# SASLM Data Preparation Pipeline

This notebook implements the data extraction pipeline for the Sri Aurobindo Small Language Model (SASLM).
It uses Tesseract OCR with the `script/Latin` model to accurately capture Romanized Sanskrit diacritics.

In [None]:
# Install dependencies (Run this if on Colab)
!sudo apt-get install tesseract-ocr tesseract-ocr-script-latn poppler-utils
!pip install pytesseract pdf2image tqdm

In [None]:
import os
import glob
import logging
from concurrent.futures import ThreadPoolExecutor
import pytesseract
from pdf2image import convert_from_path
from tqdm.auto import tqdm

# Settings
RAW_DATA_DIR = "raw_data" # Path to folder containing PDFs
OUTPUT_DIR = "processed_text"
DPI = 300
LANG = 'script/Latin'
HEADER_CUTOFF_PERCENT = 0.08
FOOTER_CUTOFF_PERCENT = 0.08

if not os.path.exists(OUTPUT_DIR):
    os.makedirs(OUTPUT_DIR)

In [None]:
def clean_ocr_text(text):
    if not text: return ""
    lines = text.split('\n')
    cleaned_lines = []
    for line in lines:
        s = line.strip()
        if not s:
            continue
        # Remove standalone page numbers
        if s.isdigit() and len(s) < 4:
            continue
        cleaned_lines.append(line)
    return "\n".join(cleaned_lines)

def process_pdf(pdf_path):
    filename = os.path.basename(pdf_path)
    item_name = os.path.splitext(filename)[0]
    output_path = os.path.join(OUTPUT_DIR, f"{item_name}.txt")
    
    if os.path.exists(output_path):
        print(f"Skipping {filename}, already processed.")
        return
    
    print(f"Processing {filename}...")
    try:
        # For Colab/Notebook, strict page iteration to show progress on single file
        # We'll rely on pdf2image convert_from_path generator if available, or chunking
        # Simple chunking logic to avoid RAM explosion
        full_text = []
        # Lazy way: let pdf2image handle it. For 600 pages, it might use 2GB RAM.
        # If strictly confined resources, use chunking.
        images = convert_from_path(pdf_path, dpi=DPI)
        
        for img in tqdm(images, desc=f"Pages in {filename}"):
            w, h = img.size
            top = int(h * HEADER_CUTOFF_PERCENT)
            bottom = int(h * (1 - FOOTER_CUTOFF_PERCENT))
            cropped_img = img.crop((0, top, w, bottom))
            
            text = pytesseract.image_to_string(cropped_img, lang=LANG)
            full_text.append(clean_ocr_text(text))
            
        with open(output_path, "w", encoding="utf-8") as f:
            f.write("\n\n".join(full_text))
            
    except Exception as e:
        print(f"Error processing {filename}: {e}")

In [None]:
# Run
pdf_files = glob.glob(os.path.join(RAW_DATA_DIR, "*.pdf"))
print(f"Found {len(pdf_files)} PDFs.")

# For notebook, sequential is better to see progress bars
for p in pdf_files:
    process_pdf(p)

In [None]:
from tokenizers import Tokenizer, models, pre_tokenizers, decoders, trainers, processors
import glob
import os
import logging

# Configure logging
logging.basicConfig(level=logging.INFO, format='%(asctime)s - %(levelname)s - %(message)s')
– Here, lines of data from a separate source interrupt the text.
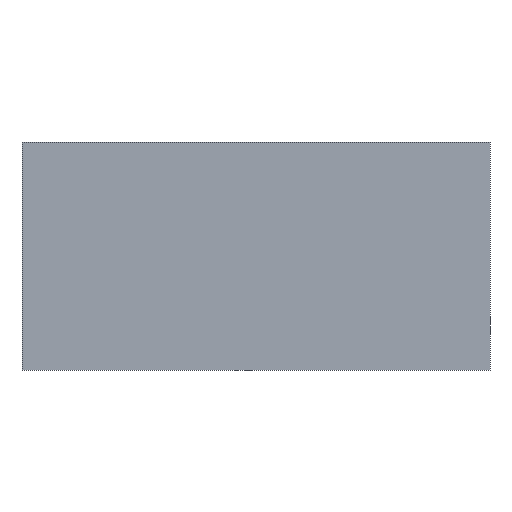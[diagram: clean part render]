
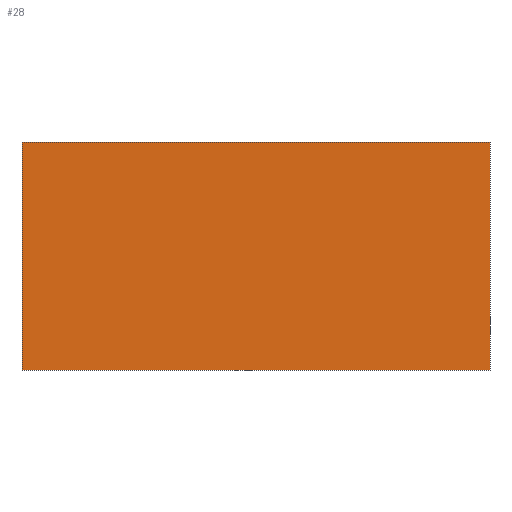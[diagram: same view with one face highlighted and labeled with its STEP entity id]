
A CAD part, front view. The second image highlights one B-rep face of the part: STEP entity #28.
In plain terms, the highlighted planar face has unit normal (0, -1, 0).
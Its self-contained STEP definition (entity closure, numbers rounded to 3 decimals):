
#28 = ADVANCED_FACE('',(#29),#43,.F.);
#29 = FACE_BOUND('',#30,.F.);
#30 = EDGE_LOOP('',(#31,#66,#94,#122));
#31 = ORIENTED_EDGE('',*,*,#32,.T.);
#32 = EDGE_CURVE('',#33,#35,#37,.T.);
#33 = VERTEX_POINT('',#34);
#34 = CARTESIAN_POINT('',(0.,0.,0.));
#35 = VERTEX_POINT('',#36);
#36 = CARTESIAN_POINT('',(0.,0.,190.));
#37 = SURFACE_CURVE('',#38,(#42,#54),.PCURVE_S1.);
#38 = LINE('',#39,#40);
#39 = CARTESIAN_POINT('',(0.,0.,0.));
#40 = VECTOR('',#41,1.);
#41 = DIRECTION('',(0.,0.,1.));
#42 = PCURVE('',#43,#48);
#43 = PLANE('',#44);
#44 = AXIS2_PLACEMENT_3D('',#45,#46,#47);
#45 = CARTESIAN_POINT('',(0.,0.,0.));
#46 = DIRECTION('',(0.,1.,0.));
#47 = DIRECTION('',(1.,0.,0.));
#48 = DEFINITIONAL_REPRESENTATION('',(#49),#53);
#49 = LINE('',#50,#51);
#50 = CARTESIAN_POINT('',(0.,0.));
#51 = VECTOR('',#52,1.);
#52 = DIRECTION('',(0.,-1.));
#53 = ( GEOMETRIC_REPRESENTATION_CONTEXT(2) 
PARAMETRIC_REPRESENTATION_CONTEXT() REPRESENTATION_CONTEXT('2D SPACE',''
  ) );
#54 = PCURVE('',#55,#60);
#55 = PLANE('',#56);
#56 = AXIS2_PLACEMENT_3D('',#57,#58,#59);
#57 = CARTESIAN_POINT('',(0.,140.,0.));
#58 = DIRECTION('',(1.,0.,0.));
#59 = DIRECTION('',(0.,-1.,0.));
#60 = DEFINITIONAL_REPRESENTATION('',(#61),#65);
#61 = LINE('',#62,#63);
#62 = CARTESIAN_POINT('',(140.,0.));
#63 = VECTOR('',#64,1.);
#64 = DIRECTION('',(0.,-1.));
#65 = ( GEOMETRIC_REPRESENTATION_CONTEXT(2) 
PARAMETRIC_REPRESENTATION_CONTEXT() REPRESENTATION_CONTEXT('2D SPACE',''
  ) );
#66 = ORIENTED_EDGE('',*,*,#67,.T.);
#67 = EDGE_CURVE('',#35,#68,#70,.T.);
#68 = VERTEX_POINT('',#69);
#69 = CARTESIAN_POINT('',(390.,0.,190.));
#70 = SURFACE_CURVE('',#71,(#75,#82),.PCURVE_S1.);
#71 = LINE('',#72,#73);
#72 = CARTESIAN_POINT('',(0.,0.,190.));
#73 = VECTOR('',#74,1.);
#74 = DIRECTION('',(1.,0.,0.));
#75 = PCURVE('',#43,#76);
#76 = DEFINITIONAL_REPRESENTATION('',(#77),#81);
#77 = LINE('',#78,#79);
#78 = CARTESIAN_POINT('',(0.,-190.));
#79 = VECTOR('',#80,1.);
#80 = DIRECTION('',(1.,0.));
#81 = ( GEOMETRIC_REPRESENTATION_CONTEXT(2) 
PARAMETRIC_REPRESENTATION_CONTEXT() REPRESENTATION_CONTEXT('2D SPACE',''
  ) );
#82 = PCURVE('',#83,#88);
#83 = PLANE('',#84);
#84 = AXIS2_PLACEMENT_3D('',#85,#86,#87);
#85 = CARTESIAN_POINT('',(195.,70.,190.));
#86 = DIRECTION('',(0.,0.,1.));
#87 = DIRECTION('',(1.,0.,0.));
#88 = DEFINITIONAL_REPRESENTATION('',(#89),#93);
#89 = LINE('',#90,#91);
#90 = CARTESIAN_POINT('',(-195.,-70.));
#91 = VECTOR('',#92,1.);
#92 = DIRECTION('',(1.,0.));
#93 = ( GEOMETRIC_REPRESENTATION_CONTEXT(2) 
PARAMETRIC_REPRESENTATION_CONTEXT() REPRESENTATION_CONTEXT('2D SPACE',''
  ) );
#94 = ORIENTED_EDGE('',*,*,#95,.F.);
#95 = EDGE_CURVE('',#96,#68,#98,.T.);
#96 = VERTEX_POINT('',#97);
#97 = CARTESIAN_POINT('',(390.,0.,0.));
#98 = SURFACE_CURVE('',#99,(#103,#110),.PCURVE_S1.);
#99 = LINE('',#100,#101);
#100 = CARTESIAN_POINT('',(390.,0.,0.));
#101 = VECTOR('',#102,1.);
#102 = DIRECTION('',(0.,0.,1.));
#103 = PCURVE('',#43,#104);
#104 = DEFINITIONAL_REPRESENTATION('',(#105),#109);
#105 = LINE('',#106,#107);
#106 = CARTESIAN_POINT('',(390.,0.));
#107 = VECTOR('',#108,1.);
#108 = DIRECTION('',(0.,-1.));
#109 = ( GEOMETRIC_REPRESENTATION_CONTEXT(2) 
PARAMETRIC_REPRESENTATION_CONTEXT() REPRESENTATION_CONTEXT('2D SPACE',''
  ) );
#110 = PCURVE('',#111,#116);
#111 = PLANE('',#112);
#112 = AXIS2_PLACEMENT_3D('',#113,#114,#115);
#113 = CARTESIAN_POINT('',(390.,0.,0.));
#114 = DIRECTION('',(-1.,0.,0.));
#115 = DIRECTION('',(0.,1.,0.));
#116 = DEFINITIONAL_REPRESENTATION('',(#117),#121);
#117 = LINE('',#118,#119);
#118 = CARTESIAN_POINT('',(0.,0.));
#119 = VECTOR('',#120,1.);
#120 = DIRECTION('',(0.,-1.));
#121 = ( GEOMETRIC_REPRESENTATION_CONTEXT(2) 
PARAMETRIC_REPRESENTATION_CONTEXT() REPRESENTATION_CONTEXT('2D SPACE',''
  ) );
#122 = ORIENTED_EDGE('',*,*,#123,.F.);
#123 = EDGE_CURVE('',#33,#96,#124,.T.);
#124 = SURFACE_CURVE('',#125,(#129,#136),.PCURVE_S1.);
#125 = LINE('',#126,#127);
#126 = CARTESIAN_POINT('',(0.,0.,0.));
#127 = VECTOR('',#128,1.);
#128 = DIRECTION('',(1.,0.,0.));
#129 = PCURVE('',#43,#130);
#130 = DEFINITIONAL_REPRESENTATION('',(#131),#135);
#131 = LINE('',#132,#133);
#132 = CARTESIAN_POINT('',(0.,0.));
#133 = VECTOR('',#134,1.);
#134 = DIRECTION('',(1.,0.));
#135 = ( GEOMETRIC_REPRESENTATION_CONTEXT(2) 
PARAMETRIC_REPRESENTATION_CONTEXT() REPRESENTATION_CONTEXT('2D SPACE',''
  ) );
#136 = PCURVE('',#137,#142);
#137 = PLANE('',#138);
#138 = AXIS2_PLACEMENT_3D('',#139,#140,#141);
#139 = CARTESIAN_POINT('',(195.,70.,0.));
#140 = DIRECTION('',(0.,0.,1.));
#141 = DIRECTION('',(1.,0.,0.));
#142 = DEFINITIONAL_REPRESENTATION('',(#143),#147);
#143 = LINE('',#144,#145);
#144 = CARTESIAN_POINT('',(-195.,-70.));
#145 = VECTOR('',#146,1.);
#146 = DIRECTION('',(1.,0.));
#147 = ( GEOMETRIC_REPRESENTATION_CONTEXT(2) 
PARAMETRIC_REPRESENTATION_CONTEXT() REPRESENTATION_CONTEXT('2D SPACE',''
  ) );

def train_tokenizer(vocab_size=30000):
    """
    Trains a BPE tokenizer on the .txt files in processed_text/.
    """
    files = glob.glob("processed_text/*.txt")
    if not files:
        logging.error("No text files found in processed_text/. Run extraction pipeline first.")
        return

    logging.info(f"Found {len(files)} files to train on.")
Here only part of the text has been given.